Nugine / s3s

S3 Service Adapter
Apache License 2.0
130 stars 31 forks source link

Unbounded Memory Allocation in `http::body` #155

Open Eosis opened 1 month ago

Eosis commented 1 month ago

I know you're aware that http::body, here, allows unbounded allocation.

Has any effort been spent on attempting to remove this allocation and allow streaming through the s3s interface? I may be able to spend some effort to help resolve this issue, but I'm not quite sure where to start at the moment.

Eosis commented 1 month ago

Further investigation has made me realise that my use case is streaming through (PutObject request).

I actually found that my memory bloat issue was caused by the signature check being forced to bring the body of the request into memory.

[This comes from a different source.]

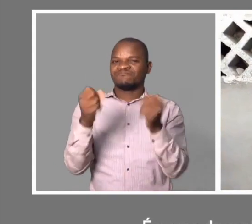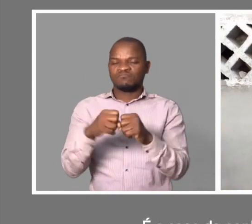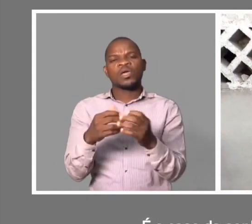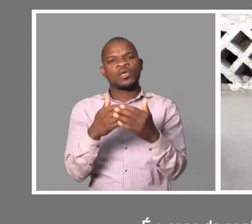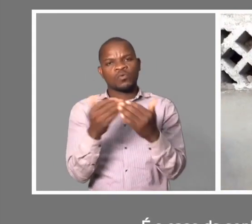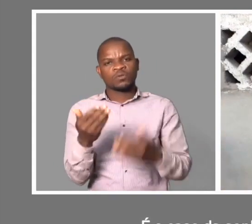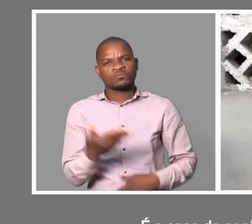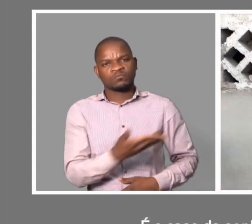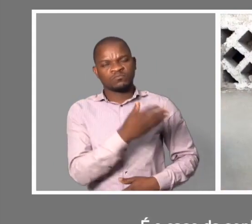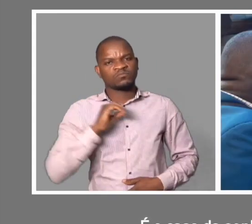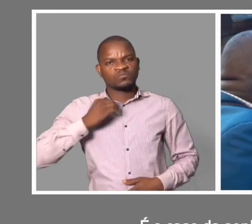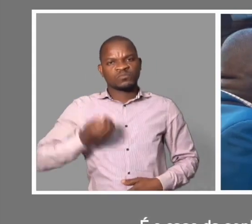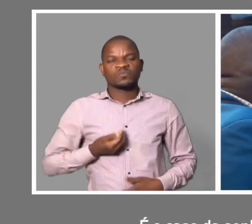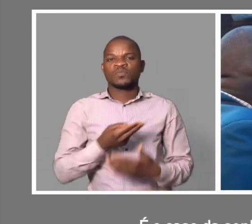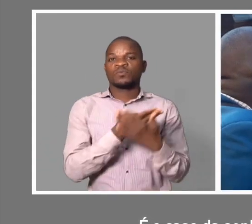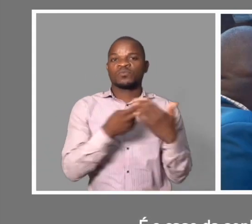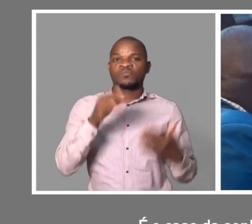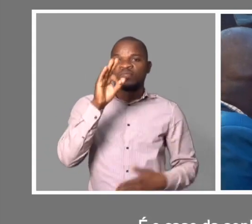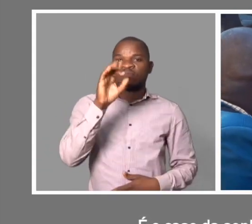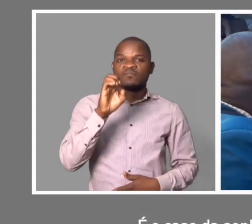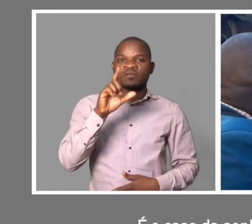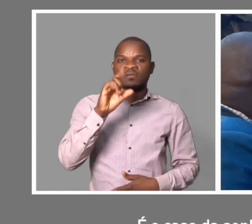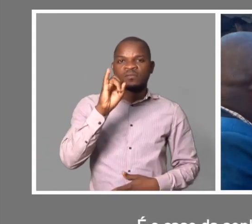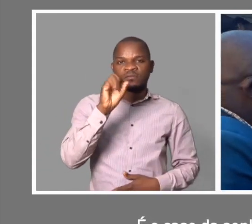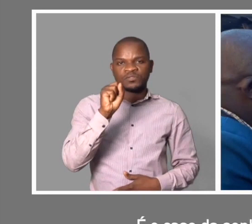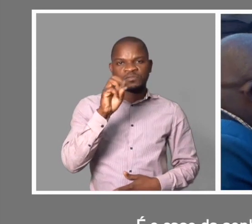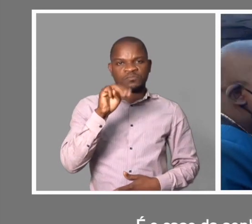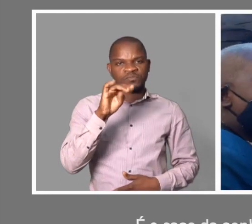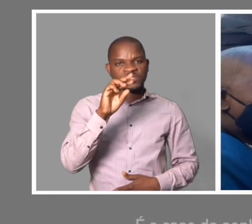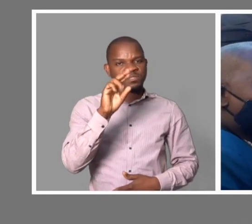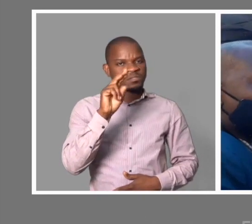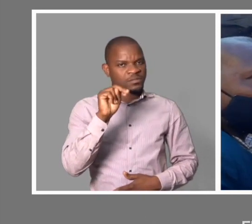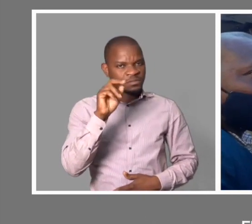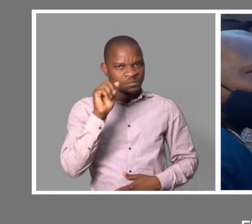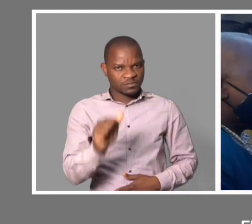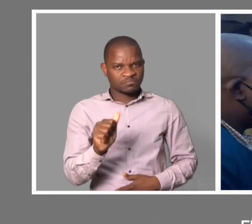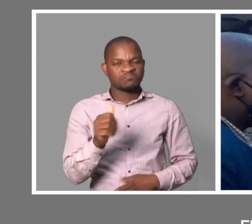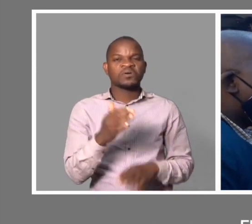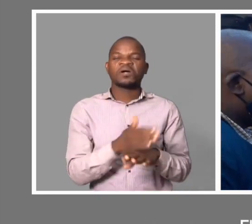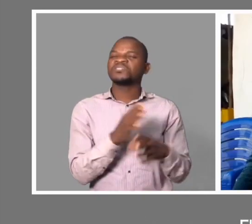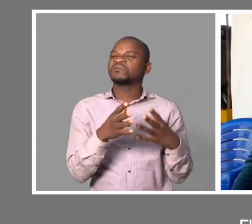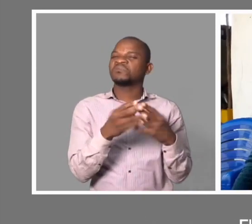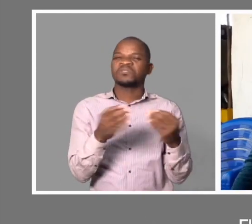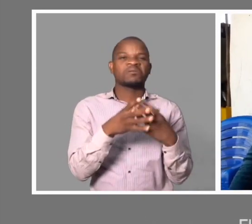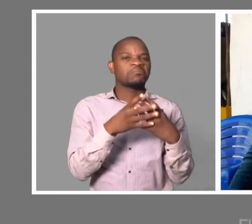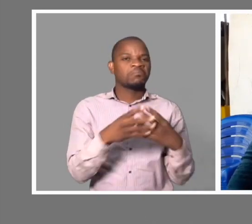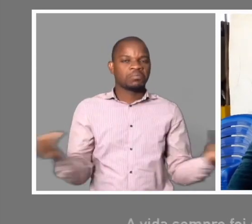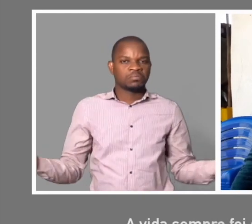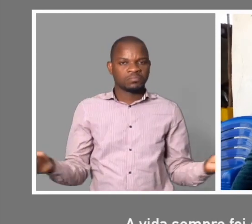Felismina Nguambe, residente na Praia Nova. Ela perdeu tudo. A vida sempre foi difícil,
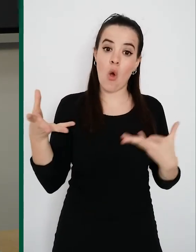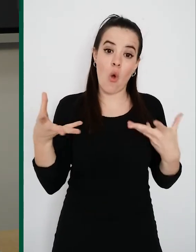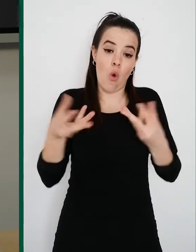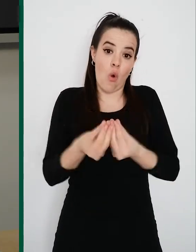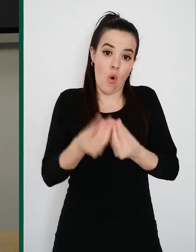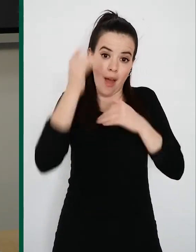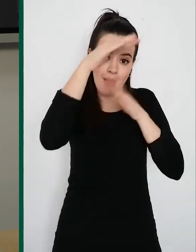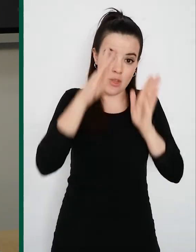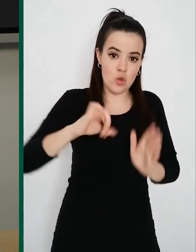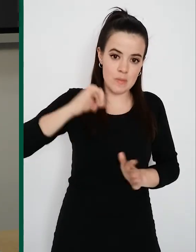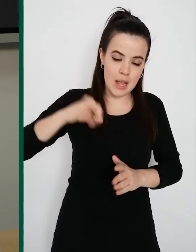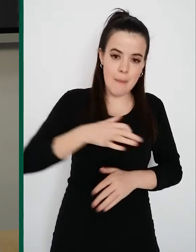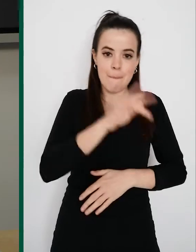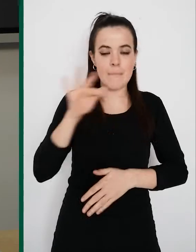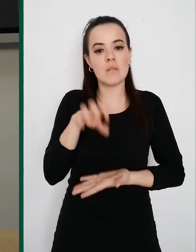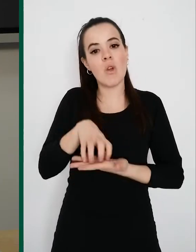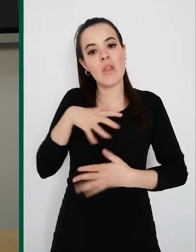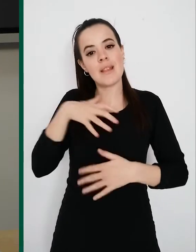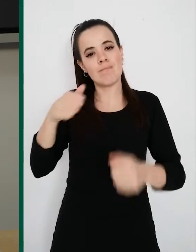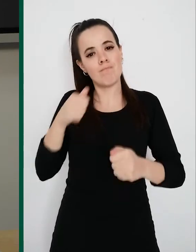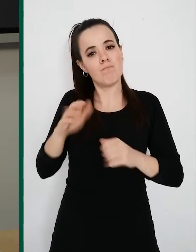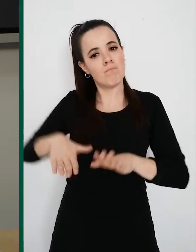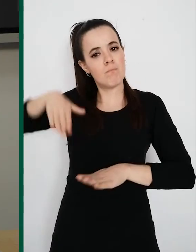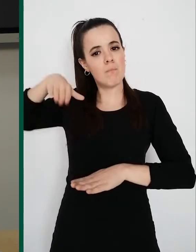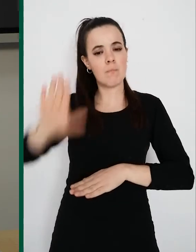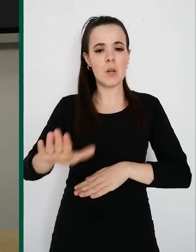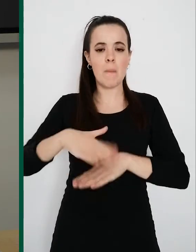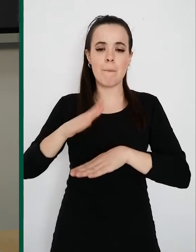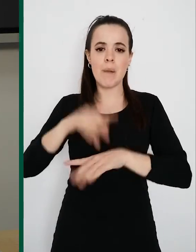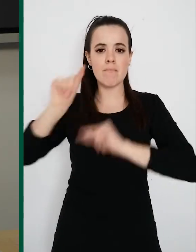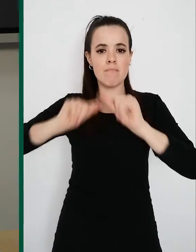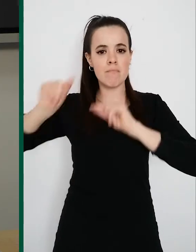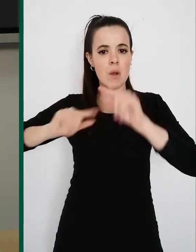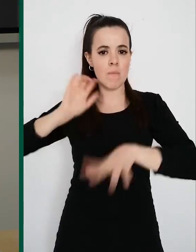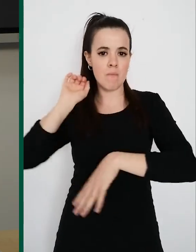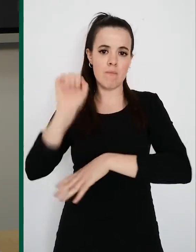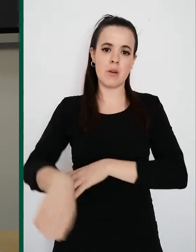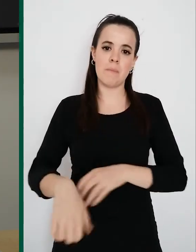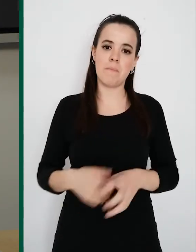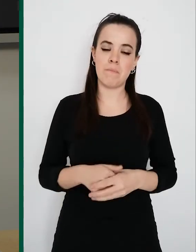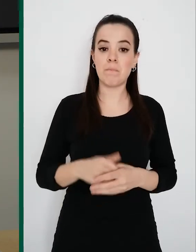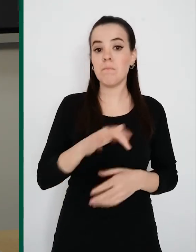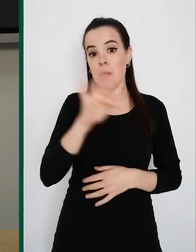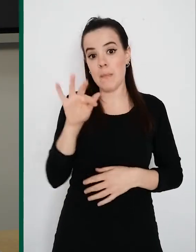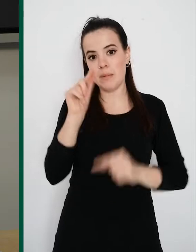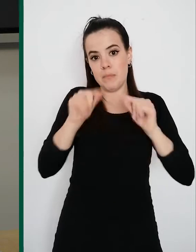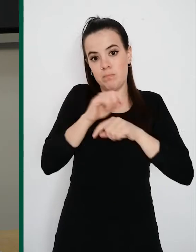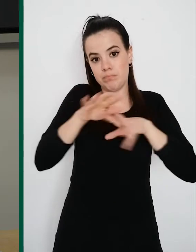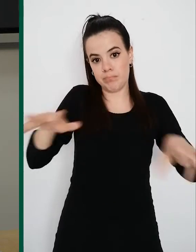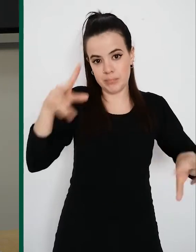la atención primaria ha dado un importante paso al frente de esta pandemia del coronavirus para contener la transmisión comunitaria y la cifra de ingresos

Unless I am mistaken, for a Single Chunk upload, it is not possible to verify the signature without first reading the entire body, meaning reading it into memory or disk. This is quite sad if you want to keep a low footprint 😢

I did, however, find that s3s is unnecessarily bringing the entire body into memory when the request's x-amz-content-sha256 header is UNSIGNED-PAYLOAD. I hacked a fix in a branch in my fork, here. This change (and a switch to using streaming in our client library) was enough to prevent the memory bloat for me. I'll try to make that prettier and push a PR when I have time.

YaZasnyal commented 1 month ago

I have been thinking about this for some time now. One possible solution could be to implement opportunistic checks, assuming that the signature is correct, and returning an error only when the last chunk is read. This approach would significantly reduce latency for PUT operations, especially in proxy mode.

Nugine commented 1 month ago

I have been thinking about this for some time now. One possible solution could be to implement opportunistic checks, assuming that the signature is correct, and returning an error only when the last chunk is read. This approach would significantly reduce latency for PUT operations, especially in proxy mode.

This solution is reasonable but I'm worried about the side effects. Attackers may be able to cost more resources than memory if they can execute PUT operations until the last chunk. We still need to limit this case.

We can investigate how other storage servers solve this problem.